Escherichia albertii

Scientific classification
- Domain: Bacteria
- Kingdom: Pseudomonadati
- Phylum: Pseudomonadota
- Class: Gammaproteobacteria
- Order: Enterobacterales
- Family: Enterobacteriaceae
- Genus: Escherichia
- Species: E. albertii
- Binomial name: Escherichia albertii (Huys et al. 2003)

= Escherichia albertii =

- Genus: Escherichia
- Species: albertii
- Authority: (Huys et al. 2003)

Species of bacterium

Escherichia albertii is a Gram-negative species of bacteria within the same genus as E. coli. It was recognised to cause disease after being isolated from the stools of children with diarrhea in Bangladesh, and was originally thought to be Hafnia alvei based on biochemical assays. The bacterium was reclassified in 2003 as a novel species based on its genetic features, and was named E. albertii in honour of the microbiologist who first described the species. E. albertii differs from typical E. coli in being nonmotile and unable to ferment lactose.

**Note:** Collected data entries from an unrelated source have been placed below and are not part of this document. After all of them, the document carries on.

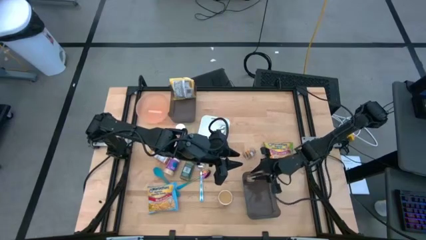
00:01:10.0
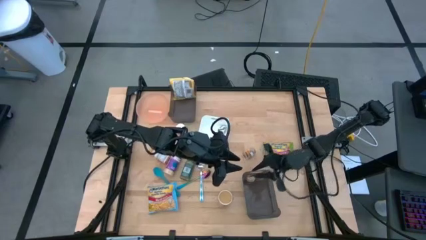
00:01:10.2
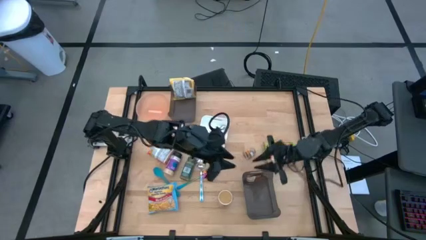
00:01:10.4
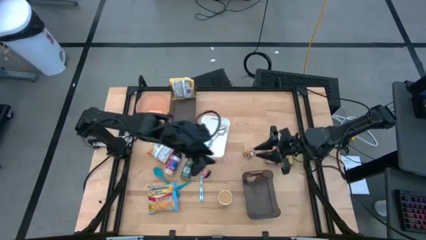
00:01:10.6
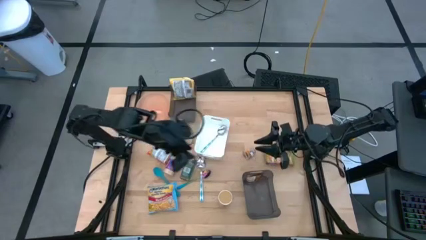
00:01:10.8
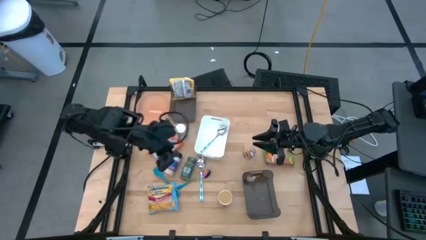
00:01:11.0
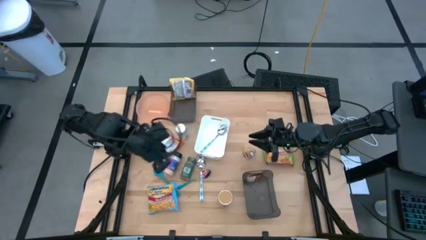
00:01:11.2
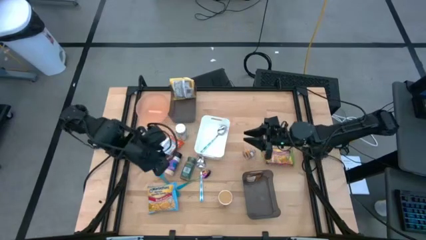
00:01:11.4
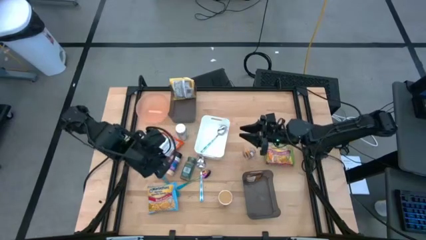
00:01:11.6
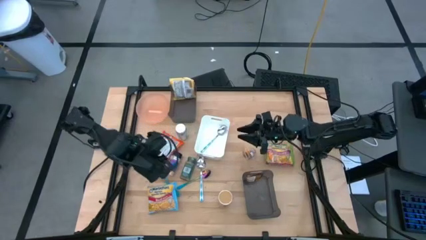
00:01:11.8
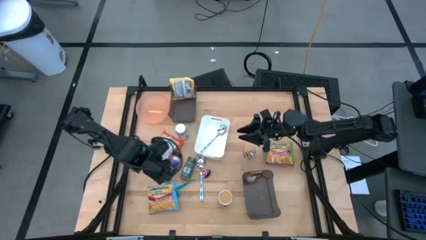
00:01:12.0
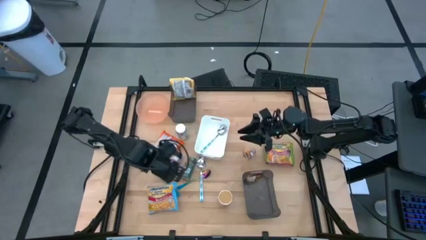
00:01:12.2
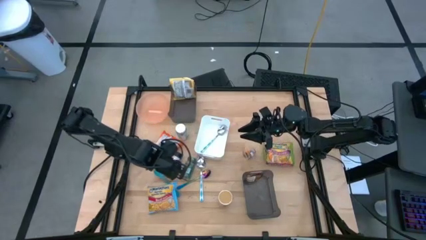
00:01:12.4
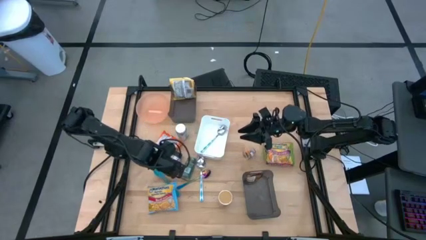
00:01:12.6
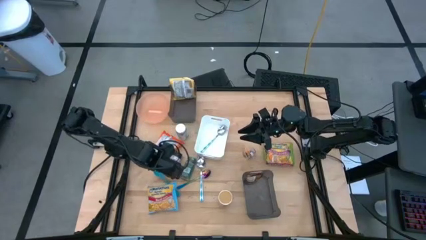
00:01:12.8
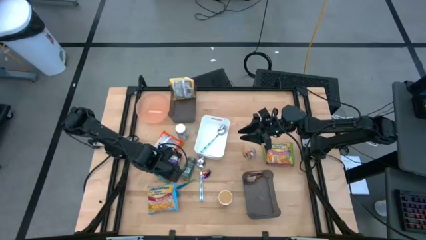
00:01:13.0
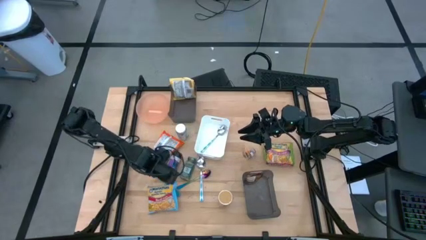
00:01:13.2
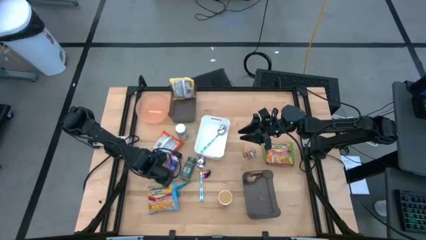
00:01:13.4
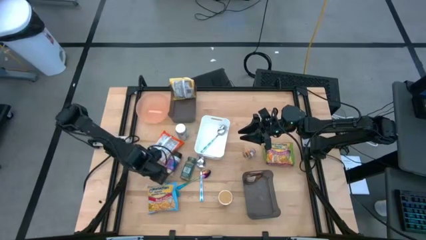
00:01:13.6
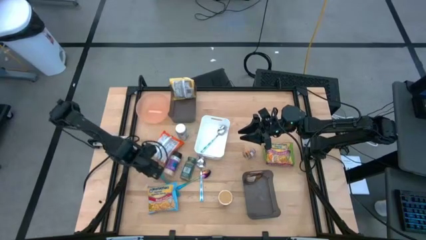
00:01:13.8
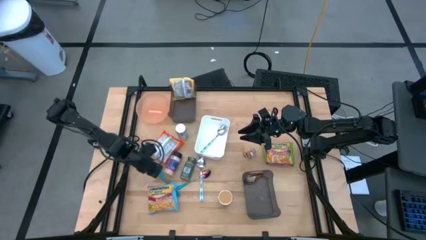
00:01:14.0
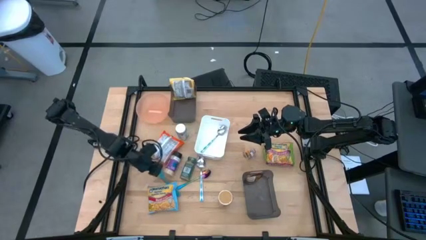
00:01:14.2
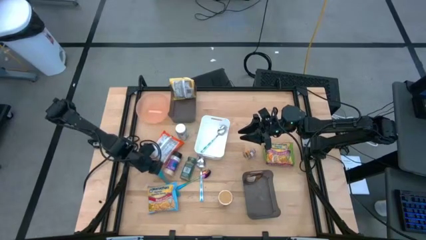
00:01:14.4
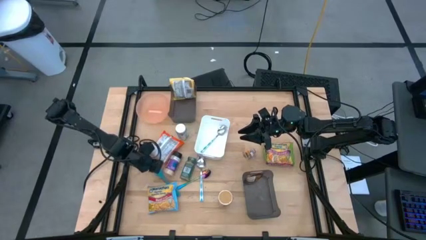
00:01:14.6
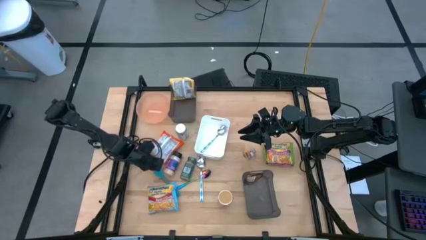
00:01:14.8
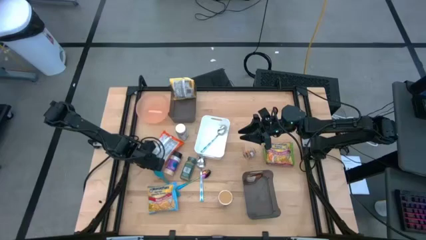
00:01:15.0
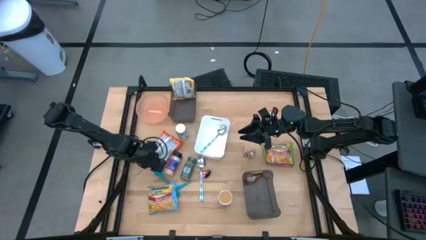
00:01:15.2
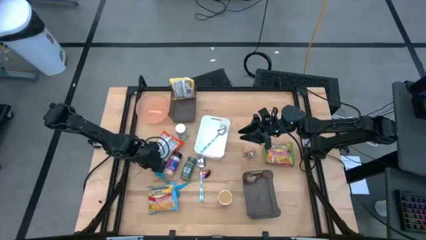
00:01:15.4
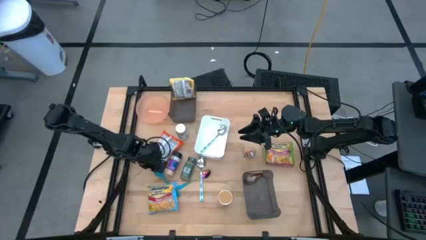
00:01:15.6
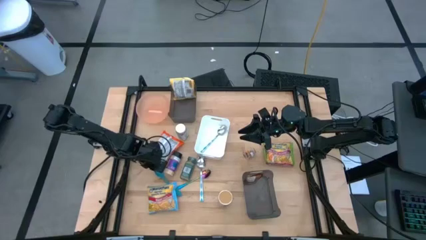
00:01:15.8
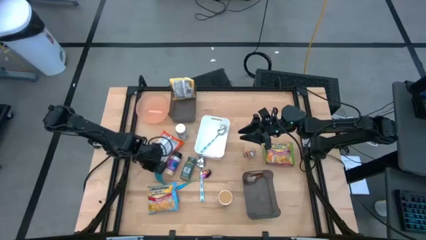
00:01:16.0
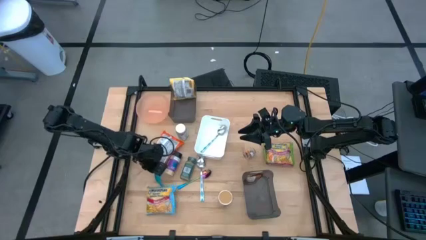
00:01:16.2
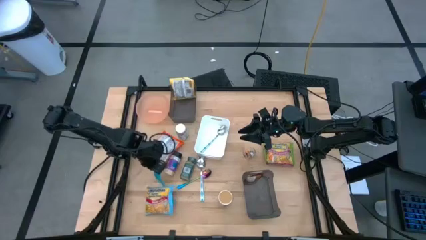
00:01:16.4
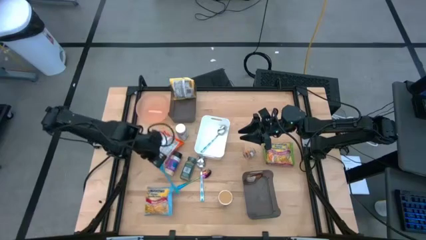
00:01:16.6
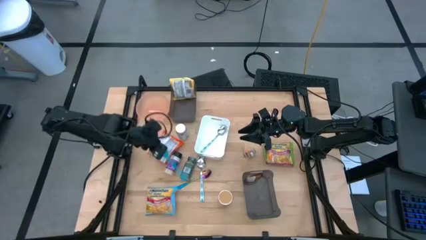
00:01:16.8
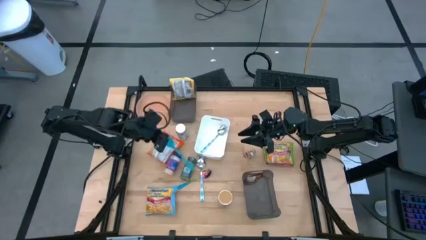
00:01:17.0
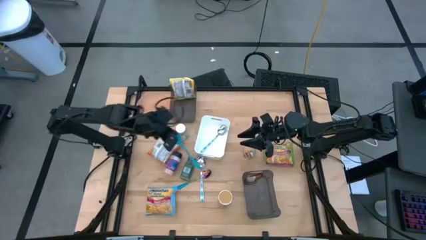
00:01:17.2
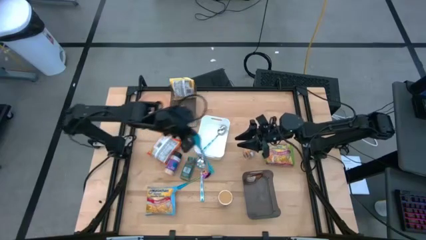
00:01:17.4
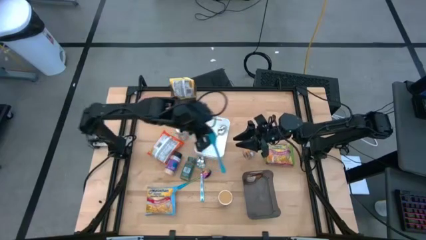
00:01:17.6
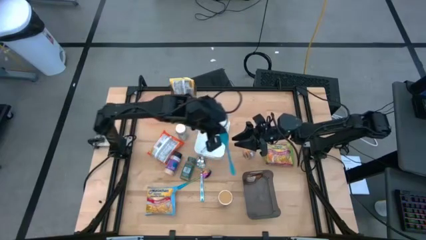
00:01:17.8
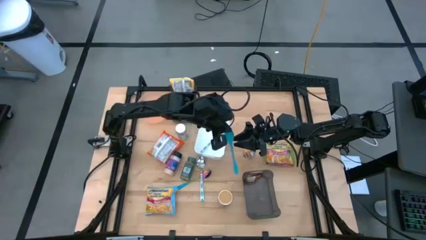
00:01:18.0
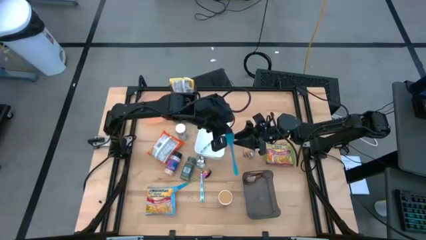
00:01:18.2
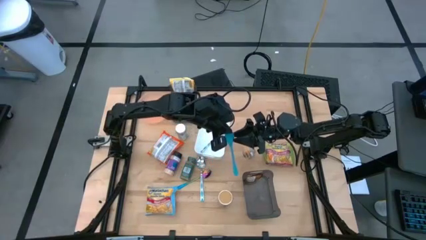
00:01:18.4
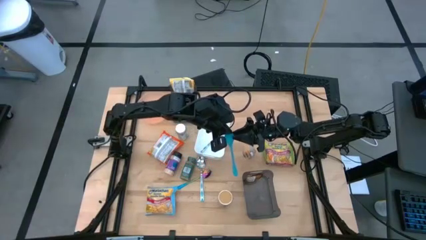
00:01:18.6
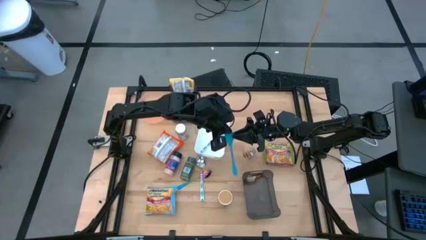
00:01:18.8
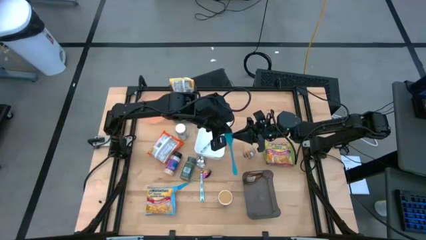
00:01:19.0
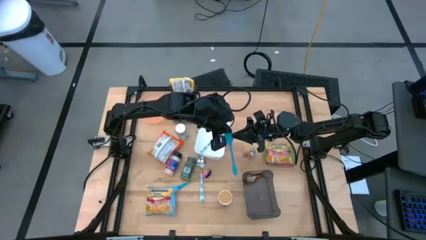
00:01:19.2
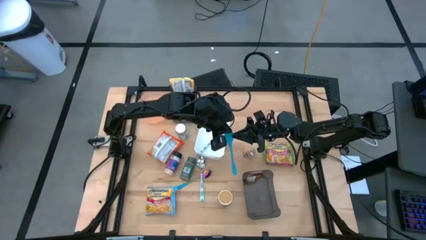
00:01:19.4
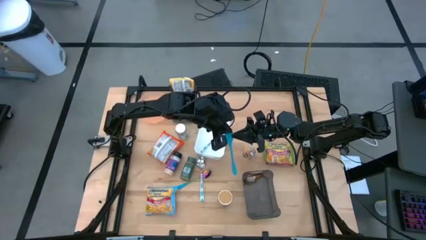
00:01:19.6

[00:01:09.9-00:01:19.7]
Task: Pick & Place Food Item
Put the blue baby spoon into the white bin

As a human gastrointestinal pathogen, E. albertii is often linked to food- or water-borne outbreaks of disease, and can cause sporadic cases of bacteraemia. The species may be misidentified as Enteropathogenic E. coli due to its production of intimin. It is also responsible for disease or subclinical infection in domestic and wild birds, where it may be a reservoir for human disease.